Go through the data and copy each line that holds "style".

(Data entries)

________________________________________

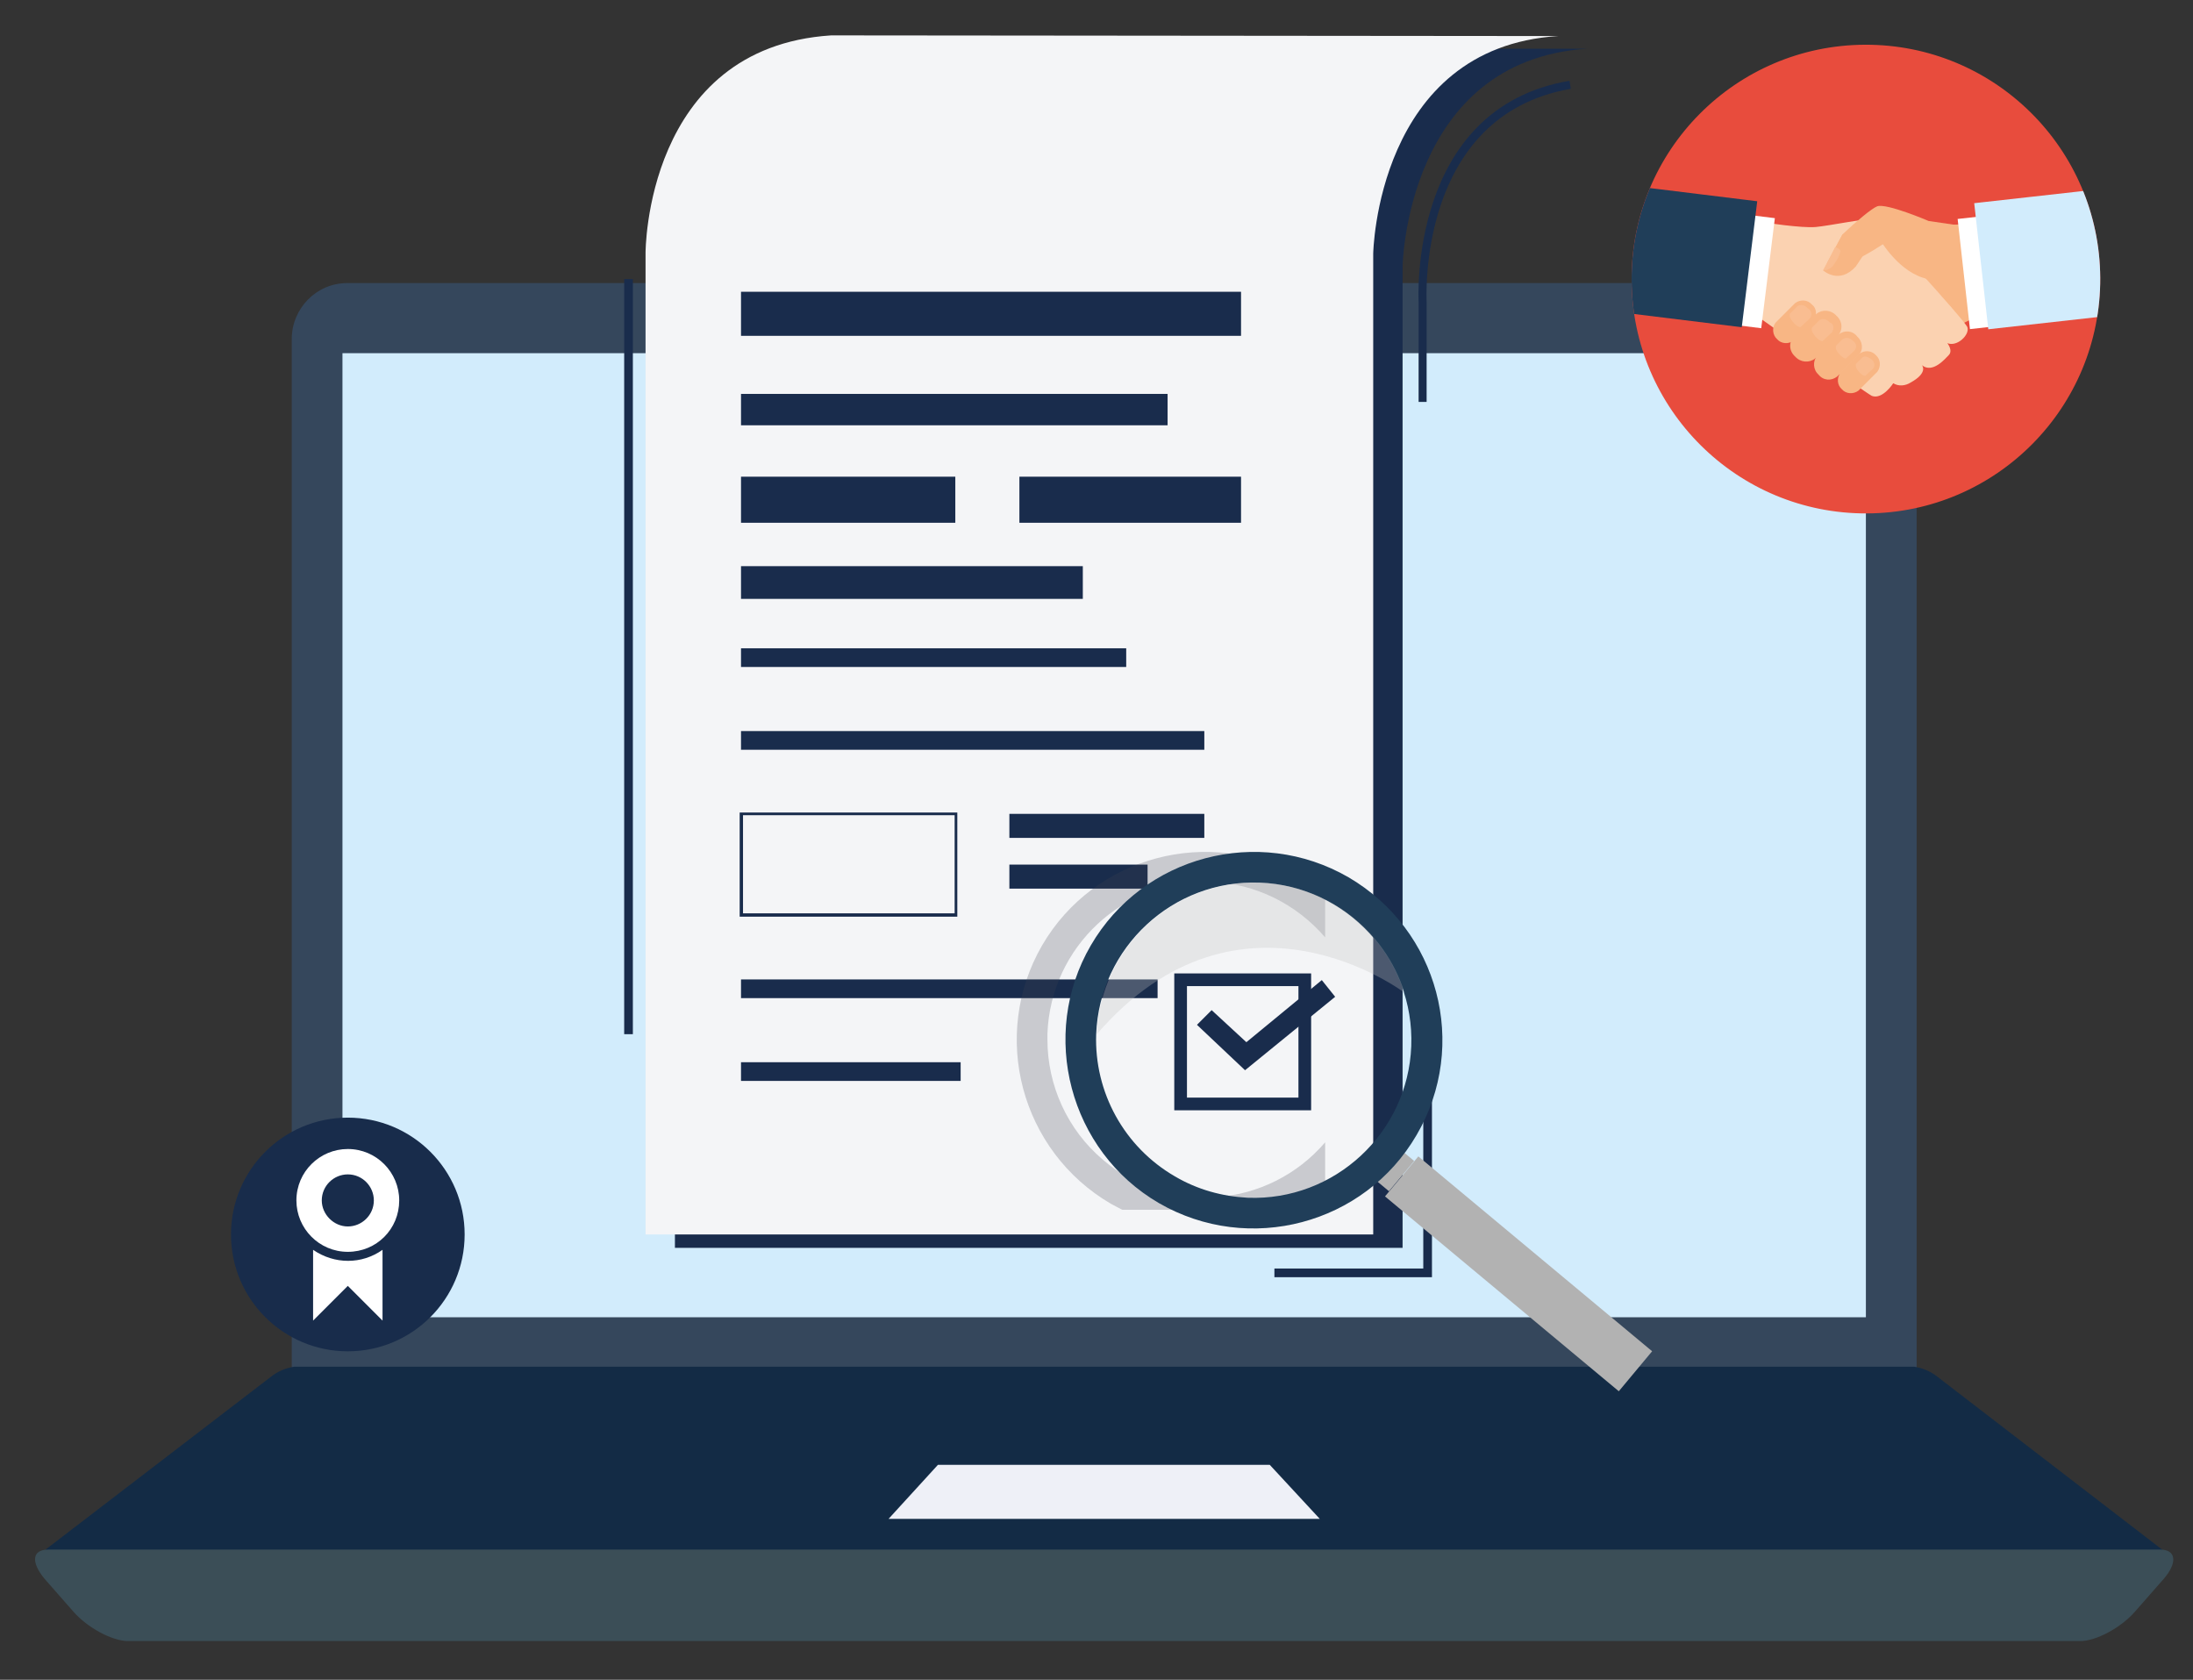 <?xml version="1.0" encoding="utf-8"?>
<!-- Generator: Adobe Illustrator 24.0.1, SVG Export Plug-In . SVG Version: 6.00 Build 0)  -->
<svg version="1.1" id="Layer_1" xmlns="http://www.w3.org/2000/svg" xmlns:xlink="http://www.w3.org/1999/xlink" x="0px" y="0px"
	 viewBox="0 0 328.5 251.6" style="enable-background:new 0 0 328.5 251.6;" xml:space="preserve">
<rect x="0" y="0" width="328.5" height="251.6" fill="#333333" stroke="none"/>
<style type="text/css">
	.st0{fill-rule:evenodd;clip-rule:evenodd;fill:#35475C;}
	.st1{fill-rule:evenodd;clip-rule:evenodd;fill:#132B45;}
	.st2{fill-rule:evenodd;clip-rule:evenodd;fill:#3B4E57;}
	.st3{fill-rule:evenodd;clip-rule:evenodd;fill:#EEF0F7;}
	.st4{fill:#D2ECFC;}
	.st5{fill:#192C4C;}
	.st6{fill:#F4F5F7;}
	.st7{opacity:0.24;fill:#40444F;enable-background:new    ;}
	.st8{fill:#B2B2B2;}
	.st9{fill:#203E59;}
	.st10{opacity:0.3;fill:#C3C2C2;enable-background:new    ;}
	.st11{fill:#E84C3D;}
	.st12{clip-path:url(#SVGID_2_);}
	.st13{fill:#F8B684;}
	.st14{fill:#FBD2B1;}
	.st15{fill:#F9BD91;}
	.st16{fill:#FFFFFF;}
	.st17{fill:#182C4B;}
</style>
<g>
	<g id="Capa_1">
		<path class="st0" d="M52,42.4h226.7c4.6,0,8.4,3.8,8.4,8.4v154.8H43.7V50.8C43.7,46.2,47.4,42.4,52,42.4L52,42.4z"/>
		<path class="st1" d="M5.9,234h318.9c0.9,0,0.7-0.7-0.4-1.5l-34.2-26.3c-1-0.8-2.2-1.3-3.5-1.5H44.1c-1.3,0.2-2.5,0.7-3.5,1.5
			L6.3,232.5C5.2,233.3,5.1,234,5.9,234z"/>
		<path class="st2" d="M7.2,232.1h316.4c2.4,0,2.6,2,0.5,4.4l-4.3,4.9c-2.1,2.4-5.8,4.4-8.2,4.4H19.2c-2.4,0-6.1-2-8.2-4.4l-4.3-4.9
			C4.6,234,4.8,232.1,7.2,232.1z"/>
		<polygon class="st3" points="140.5,219.4 154,219.4 176.8,219.4 190.2,219.4 197.7,227.5 169.4,227.5 161.4,227.5 133.1,227.5 		
			"/>
		<rect x="51.3" y="52.9" class="st4" width="228.2" height="144.4"/>
		<rect x="147.2" y="121.3" class="st4" width="85.5" height="40.6"/>
		<path class="st5" d="M237.7,7.3H128.9C100.9,9.2,101.1,40,101.1,40l0,0v146.9h109v-147C210.1,39.9,210.6,9.1,237.7,7.3z"/>
		<rect x="93.5" y="41.8" class="st5" width="1.3" height="113.1"/>
		<path class="st6" d="M233.4,5.4C206.2,7.1,205.7,38,205.7,38v146.9h-109v-147c0,0-0.1-30.8,27.8-32.6L233.4,5.4z"/>
		<rect x="111" y="43.7" class="st5" width="74.9" height="6.6"/>
		<rect x="111" y="59" class="st5" width="63.9" height="4.7"/>
		<rect x="111" y="71.4" class="st5" width="32.1" height="6.9"/>
		<rect x="152.7" y="71.4" class="st5" width="33.2" height="6.9"/>
		<rect x="111" y="84.8" class="st5" width="51.2" height="4.9"/>
		<rect x="111" y="97.1" class="st5" width="57.7" height="2.8"/>
		<rect x="111" y="109.5" class="st5" width="69.4" height="2.8"/>
		<path class="st5" d="M143.4,137.3h-32.6v-15.6h32.6V137.3z M111.3,136.8h31.7v-14.7h-31.7V136.8z"/>
		<rect x="151.2" y="121.9" class="st5" width="29.2" height="3.6"/>
		<rect x="151.2" y="129.5" class="st5" width="20.7" height="3.6"/>
		<rect x="111" y="146.7" class="st5" width="62.4" height="2.8"/>
		<rect x="111" y="159.1" class="st5" width="32.9" height="2.8"/>
		<path class="st5" d="M213.8,60.2h-1.3v-15c0-0.2-1.6-29,22.6-33.1l0.2,1.2c-23.1,4-21.6,31.6-21.6,31.9V60.2z"/>
		<polygon class="st5" points="214.5,191.3 190.9,191.3 190.9,190 213.2,190 213.2,154.3 214.5,154.3 		"/>
		<path class="st5" d="M196.4,166.3h-20.5v-20.5h20.5V166.3z M177.8,164.4h16.7v-16.7h-16.7V164.4z"/>
		<polygon class="st5" points="186.5,160.3 179.3,153.5 181.5,151.3 186.7,156.1 198,146.8 200,149.3 		"/>
		<path class="st7" d="M166.4,180.3c0.6,0.3,1.1,0.6,1.7,0.9H193c2-1,3.8-2.2,5.5-3.6v-6.5c-8.5,9.9-23.4,11.1-33.3,2.6
			c-5.3-4.5-8.3-11.1-8.3-18c0-0.3,0-0.6,0-0.9c0.5-13,11.4-23.2,24.5-22.7c6.6,0.2,12.8,3.3,17.1,8.3V134c-1.2-1-2.4-1.9-3.8-2.6
			c-13.5-7.8-30.8-3.2-38.6,10.2C148.3,155.1,152.9,172.4,166.4,180.3L166.4,180.3z"/>
		
			<rect x="223.7" y="168" transform="matrix(0.64 -0.768 0.768 0.64 -64.724 243.479)" class="st8" width="7.8" height="45.6"/>
		
			<rect x="206.2" y="174.2" transform="matrix(0.64 -0.768 0.768 0.64 -59.536 223.76)" class="st8" width="5.9" height="2.4"/>
		<path class="st9" d="M202,131.4c-13.5-7.8-30.8-3.2-38.6,10.2s-3.2,30.8,10.2,38.6c13.5,7.8,30.8,3.2,38.6-10.2c0,0,0,0,0,0
			C220.1,156.5,215.5,139.3,202,131.4z M176,176.2c-7.6-4.4-12.1-12.6-11.8-21.3l0,0c0.5-13,11.5-23.2,24.5-22.7
			s23.2,11.5,22.7,24.5c-0.5,13-11.5,23.2-24.5,22.7C183.1,179.2,179.4,178.2,176,176.2L176,176.2z"/>
		<path class="st10" d="M210.4,148.7c0,0-24.6-18.7-46.1,6.2l0,0c0.5-13,11.5-23.2,24.5-22.7C198.7,132.6,207.4,139.2,210.4,148.7z"
			/>
		
			<ellipse transform="matrix(1 -4.014248e-03 4.014248e-03 1 -0.166 1.122)" class="st11" cx="279.5" cy="41.8" rx="35.1" ry="35.1"/>
		<g>
			<defs>
				
					<ellipse id="SVGID_1_" transform="matrix(1 -5.934096e-03 5.934096e-03 1 -0.243 1.659)" cx="279.5" cy="41.8" rx="35.1" ry="35.1"/>
			</defs>
			<clipPath id="SVGID_2_">
				<use xlink:href="#SVGID_1_"  style="overflow:visible;"/>
			</clipPath>
			<g class="st12">
				<polygon class="st13" points="295.9,47.5 284.8,53.1 281.5,34.4 293.7,33.6 				"/>
				<path class="st14" d="M264.1,33.3c0,0,5.8,0.9,7.9,0.7s7.4-1.3,8.1-1.1s14.3,15.2,14.6,16.1c0.4,1.1-1.5,3-3,2.4
					c0,0,0.9,1.1,0.2,1.8c-0.5,0.5-2.4,2.8-4,1.5c0,0,1,1.1-1.7,2.6c-0.8,0.5-1.8,0.6-2.6,0.1c0,0-1.6,2.5-3.2,1.9
					C279.7,59,260,45.1,260,45.1l3.9-11.5"/>
				<path class="st13" d="M293.7,33.8l-10.5,2c0,0-2.1,1.5-4.2,2.6c-1,0.7-2.2,1.2-3.3,1.5c-0.7,0.1-1.4,0-2-0.5l2.3-4.3
					c2-1.9,4.4-3.9,5.2-4.2c1.4-0.5,7.7,2.2,7.7,2.2L293.7,33.8z"/>
				<path class="st13" d="M268.7,51c-0.8,0.6-1.9,0.5-2.5-0.2l0,0c-0.7-0.6-0.8-1.8-0.2-2.5l2.9-2.9c0.8-0.6,1.9-0.5,2.5,0.2l0,0
					c0.8,0.6,0.8,1.8,0.2,2.5L268.7,51z"/>
				<path class="st15" d="M271.1,47.7l-1.4,1.3c-0.6,0-1.5-1.1-1.6-1.6c0-0.1,0-0.3,0-0.4l1.1-1.1c0.2-0.2,0.4-0.2,0.6-0.2
					c0.4,0,0.8,0.2,1,0.5C271.4,46.5,271.5,47.2,271.1,47.7z"/>
				<path class="st13" d="M271.9,53.7c-0.9,0.7-2.2,0.6-3-0.3l0,0c-0.9-0.8-1-2.1-0.2-3l3.4-3.4c0.9-0.7,2.2-0.6,3,0.3c0,0,0,0,0,0
					l0,0c0.9,0.8,1,2.1,0.2,3L271.9,53.7z"/>
				<path class="st13" d="M270.7,53.6c-0.5,0-1-0.2-1.3-0.6c-0.6-0.5-0.8-1.5-0.2-2.1l3.4-3.4c0.2-0.2,0.5-0.3,0.8-0.3
					c0.5,0,1,0.2,1.3,0.6c0.6,0.5,0.8,1.5,0.2,2.1l-3.4,3.4C271.3,53.5,271,53.6,270.7,53.6z"/>
				<path class="st13" d="M275.2,56.4c-0.9,0.7-2.1,0.6-2.8-0.3c0,0,0,0,0,0l0,0c-0.8-0.7-0.9-2-0.2-2.8c0,0,0,0,0,0l3.2-3.2
					c0.9-0.7,2.1-0.6,2.8,0.3c0,0,0,0,0,0l0,0c0.8,0.7,1,2,0.2,2.8c0,0,0,0,0,0L275.2,56.4z"/>
				<path class="st13" d="M274,56.2c-0.5,0-0.9-0.2-1.2-0.6c-0.6-0.5-0.7-1.4-0.3-2c0,0,0,0,0,0l3.2-3.2c0.2-0.2,0.5-0.3,0.8-0.3
					c0.5,0,0.9,0.2,1.2,0.6c0.6,0.5,0.7,1.4,0.2,2l-3.2,3.1C274.6,56.1,274.3,56.2,274,56.2z"/>
				<path class="st13" d="M278.4,58.5c-0.8,0.6-1.9,0.5-2.5-0.2l0,0c-0.7-0.6-0.8-1.7-0.2-2.5l2.8-2.8c0.8-0.6,1.9-0.5,2.5,0.2l0,0
					c0.7,0.6,0.8,1.7,0.2,2.5L278.4,58.5z"/>
				<path class="st13" d="M277.4,58.3c-0.8,0-1.4-0.6-1.5-1.4c0-0.3,0-0.5,0.2-0.7l2.8-2.8c0.2-0.2,0.4-0.2,0.6-0.2
					c0.4,0,0.7,0.2,1,0.5c0.5,0.4,0.6,1.1,0.2,1.6l-2.8,2.8C277.8,58.2,277.6,58.3,277.4,58.3z"/>
				<path class="st13" d="M279.3,37.9l-0.3,0.5l-1,1.5c-2.5,2.8-4.9,0.6-4.9,0.6l0.6-1.1l2.3-4.3L279.3,37.9z"/>
				<path class="st13" d="M281.5,35.8l0.1,0.1c0.5,0.8,3.6,5.7,8,6c4.7,0.4-4.9-9-4.9-9"/>
				
					<rect x="294.1" y="32.6" transform="matrix(0.994 -0.111 0.111 0.994 -2.709 33.036)" class="st16" width="4.6" height="16.6"/>
				
					<rect x="296.6" y="28.2" transform="matrix(0.994 -0.111 0.111 0.994 -2.223 35.324)" class="st4" width="41.4" height="19"/>
				
					<rect x="254.1" y="38.4" transform="matrix(0.123 -0.993 0.993 0.123 189.87 296.192)" class="st16" width="16.6" height="4.6"/>
				
					<rect x="232.1" y="16.5" transform="matrix(0.122 -0.993 0.993 0.122 175.094 272.423)" class="st9" width="19" height="41.4"/>
				<path class="st15" d="M274.4,49.8l-1.4,1.3c-0.6,0-1.5-1.1-1.6-1.6c0-0.2,0-0.3,0-0.4l1.1-1.1c0.2-0.2,0.4-0.2,0.6-0.2
					c0.4,0,0.7,0.2,1,0.5C274.7,48.5,274.8,49.2,274.4,49.8z"/>
				<path class="st15" d="M277.8,52.5l-1.3,1.2c-0.5,0-1.4-1-1.5-1.5c0-0.1,0-0.3,0-0.4l1-1c0.2-0.1,0.4-0.2,0.6-0.2
					c0.4,0,0.7,0.2,0.9,0.4C278.1,51.4,278.2,52,277.8,52.5z"/>
				<path class="st15" d="M280.6,55.2l-1.2,1.1c-0.5,0-1.3-0.9-1.4-1.4c0-0.1,0-0.2,0-0.4l0.9-0.9c0.1-0.1,0.3-0.2,0.5-0.2
					c0.3,0,0.6,0.2,0.9,0.4C280.8,54.1,280.9,54.8,280.6,55.2z"/>
				<path class="st15" d="M273.1,40.5c0.5,0,1-0.2,1.4-0.6c0.5-0.7,1-1.4,1.2-2.3c0-0.3-0.8-0.6-0.8-0.6L273.1,40.5z"/>
			</g>
		</g>
		<circle class="st17" cx="52.1" cy="184.9" r="17.5"/>
		<path class="st16" d="M52.1,187.5c-4.3,0-7.7-3.5-7.7-7.7c0-4.3,3.5-7.7,7.7-7.7c4.3,0,7.7,3.5,7.7,7.7c0,0,0,0,0,0
			C59.8,184.1,56.4,187.5,52.1,187.5z M52.1,183.7c2.1,0,3.9-1.7,3.9-3.9c0-2.1-1.7-3.9-3.9-3.9c-2.1,0-3.9,1.7-3.9,3.9l0,0
			C48.2,181.9,50,183.7,52.1,183.7C52.1,183.7,52.1,183.7,52.1,183.7z M57.3,187.2v10.6l-5.2-5.2l-5.2,5.2v-10.6
			C50.1,189.4,54.2,189.4,57.3,187.2L57.3,187.2z"/>
	</g>
</g>
</svg>

________________________________________

**Solution for this exercise**
	 viewBox="0 0 328.5 251.6" style="enable-background:new 0 0 328.5 251.6;" xml:space="preserve">
<style type="text/css">
</style>
				<use xlink:href="#SVGID_1_"  style="overflow:visible;"/>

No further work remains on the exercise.